Нелегко, видит Бог, нелегко и непросто было генералу Александру Петровичу Струкову сказать эти слова. Буря бушевала в его душе, но он успокаивал эту бурю масляной мыслью, что с Михаилом Дмитриевичем после столь высоких наград Государя ровно ничего не случится. Ну, обойдут орденом или чином — не более того, потому что до этого Александр Петрович по всем возможным каналам проверил прочность благорасположения Александра II к любимому народом Белому генералу. И, зная характер императора, был уверен, что подобное известие не будет воспринято им всерьез, поскольку Александр никогда не считал себя полководцем, а славу любого своего подданного всегда полагал собственной славой.
— Я поехал с ним только ради того, чтобы услышать признание из его собственных уст. И услышал, Ваше Высочество, поскольку Скобелев неудержимо хвастлив.
— И что же ты услышал?
— В Болгарии существует заговор, цель которого провозгласить генерала Скобелева Государем.
Струков замолчал, надеясь по первым словам великого князя, по тону, каким будут сказаны эти первые слова, определить цену собственной информации, а тем самым и уровень личного его расположения.
— Среди болгар у Скобелева масса почитателей, полагающих его едва ли не национальным героем…
— Скобелев был с адъютантом? — перебил великий князь.
— Так точно, Ваше Высочество.
— Немедля доставь адъютанта ко мне.
— Слушаюсь.
Александр Петрович не ожидал такого оборота и поначалу даже несколько растерялся. Однако повеление оставалось повелением, и он передал его Млынову.
— Что же именно интересует Его Высочество? — угрюмо спросил капитан.
— Болтовня Михаила Дмитриевича о болгарах, — туманно пояснил Струков, надеясь, что влюбленный в Скобелева адъютант сам разберется в деталях.
— Я ничего об этом не знаю.
— Что ж, это — удобная позиция, — подумав, одобрил Александр Петрович.
Млынов в этом одобрении не нуждался, так как уже твердо решил на все вопросы великого князя отвечать с упрямой унтер-офицерской тупостью. Он понимал, что этим может навсегда перечеркнуть собственную офицерскую карьеру, но судьба Михаила Дмитриевича Скобелева была для него несравнимо дороже собственной.
— Сколь часто посещали Скобелева болгарские неофициальные делегации?

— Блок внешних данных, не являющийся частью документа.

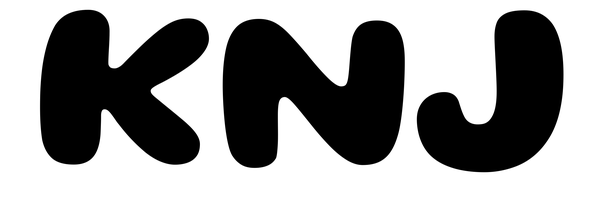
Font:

— Не могу знать, Ваше Высочество!
— Что значит «не могу знать»? Ты — старший адъютант, в твоих руках списки всех посетителей!
— Никак нет, Ваше Высочество! Списки вел личный порученец подпоручик Мокроусов!
— Где он сейчас?
— В России с тяжелым ранением, Ваше Высочество.
— Ловко! — Великий князь ходил по кабинету, громко стуча высокими сапогами. — Что Скобелев говорил Струкову о заговоре болгар?
— Не могу знать, Ваше Высочество!
— Чего ты не можешь знать?
— Ничего, Ваше Высочество, — вдруг негромко, но очень твердо сказал Млынов.
Главнокомандующий некоторое время смотрел в упор на капитана, постепенно наливаясь кровью. Заорал неожиданно:
— Дежурный!..
Дежурный адъютант тут же влетел в комнату.
— Ваше Высоч…
— Этого… — великий князь уперся в Млынова чуть вздрагивающим пальцем, — этого дурака немедленно уволить из армии без пенсиона и мундира! Сегодня же! И выслать из Болгарии немедля, как только я подпишу приказ на увольнение!..
Млынов был уволен в тот же вечер: ему едва дали время на то, чтобы собраться, а попрощаться со Скобелевым так и не удалось. Но записку он оставить все же успел: «Прощайте, Михаил Дмитриевич, я Вас найду в России. Млынов».
Самолюбие великого князя главнокомандующего было настолько уязвлено, что он счел за благо сделать вид, будто ничего и не произошло, и будто в разговоре с Млыновым он выяснил все, что хотел выяснить. А потому и сказал Струкову уже на следующий день:
— Это собственные бредни Скобелева, Струков. Теперь мне все известно и мною же все проверено. Однако ты доказал свою преданность. Ступай, но никому не болтай об этом. Если проболтаешься…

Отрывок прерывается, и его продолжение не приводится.